Excuse my english.

After I found back to the sound of good old vinyl I had the problem every record aficionado has. How to clean the records properly!?
There are many ways around in the Internet. Cheaper ways like the Knosti or the Discofilm but also more expensive to unbelievable expensive ways like the formidable and excellent Double MatrixDouble Matrix from the german company ClearAudio, which also makes very nice turntables. Or the Cleaning-Vinyl-Records-Instructable by mattdp.

But there are always recurring mechanisms. On of them I tried to build on my own and as I can say, it works fine. I have had washed some of my records at a store near by me. They wash with a Loricraft PRC3 or PRC4 and I couldn't here a difference - neither better or worse.

Sadly I built this record-cleaning-device before I thought of making an instructable. So the thing is done, but I will try to give you as much detail as I can.

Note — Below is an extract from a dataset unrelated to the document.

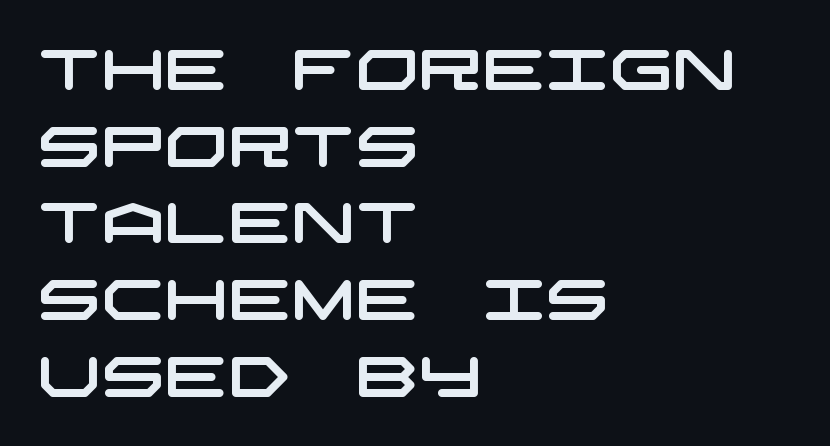
{"serif": "no", "width": "wide", "stroke_contrast": "low", "x_height": "large", "underline": "no", "align": "left", "line_spacing": "normal", "line_spacing_ratio": 1.37, "letter_spacing": "normal", "letter_spacing_em": 0.0, "glyph_px": 56}

Please know that there are similar constructions around. This one is quick, cheap and dirty. I did it this way, so you can see that it is possible to construct this thing, even with two left hands. But sure you can improve, upgrade or just built in more accurate way.

The drive of my turntable was the broken part I had to replace. Unfortunately I only had a less powerful motor in the house and - yes, this is ridicolous but also works if you have only the opportunity to clean records - it turnes only counterclockwise. The weakness of the motor is the reason, why I have to push the the table sometimes in the video.

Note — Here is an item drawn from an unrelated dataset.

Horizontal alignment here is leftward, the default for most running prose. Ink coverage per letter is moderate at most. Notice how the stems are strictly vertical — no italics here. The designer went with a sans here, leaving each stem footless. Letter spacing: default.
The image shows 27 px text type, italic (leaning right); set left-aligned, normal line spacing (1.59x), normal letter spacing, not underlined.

Be careful in every step and practice on old records first. I assume no liability.

Step 1: Supplies

What you need:

- an old turntable (with direct drive will works best)
- a jam jar or something with an air-tight cap
- a desoldering pump/solder sucker (which word is better? Help me to improve my English, please!) with a Teflon nib. As mentioned beneath, a piece of heat shrink tube will work fine also (maybe better, I haven't tried it yet.)
- nylon thread (you can also buy the original Loricraft thread as I have done it, but it is not mandatory.)
- record cleaning brush - I used some other but prefer the Loricraft goat brush
- tube (I used tube for the aquarium with 4mm (milimeter, about 0.16 in.) diameter on the inside and 6mm (nearly 0.24 in.) on the outside) which fitted nicely on the ib of the desoldering pump
- hot glue or super glue
- record cleaning fluid (I use L'art du son, which is not quite cheap but you're about to save thousands of dollars, so... - but for the cheapskates I will post how to make your own cleaning fluid in an Instructable or later in here.)
- lots of tape or a thigh of a person (probably you) that is not too algesic. (I do it the algesic way, because of... - I forgot why, it's very simple to solve this step with tape)
- if you use tape, you will also need a this vacuum cleaner nozzle
- optional a syringe
- dirty records


- a drill, dremel or soldering gun
- a vacuum cleaner
- time, and while washing your records an empty house or an uncomplaining partner

Step 2: Pepare the Headshell.

First get rid of the pick-up and stylus.
Now get a hole into the head shell. The hole will hold the tube and the teflon-nib of the desoldering pump. So keep the dimensions of this and the hole in mind. In my case it was very hard to drill the hole into the headshell. So I melted it in with the hot soldering gun. Be careful with this. It stinks and you should do this not in your room or at least open the windows melted plastic is not very healthy - not at all.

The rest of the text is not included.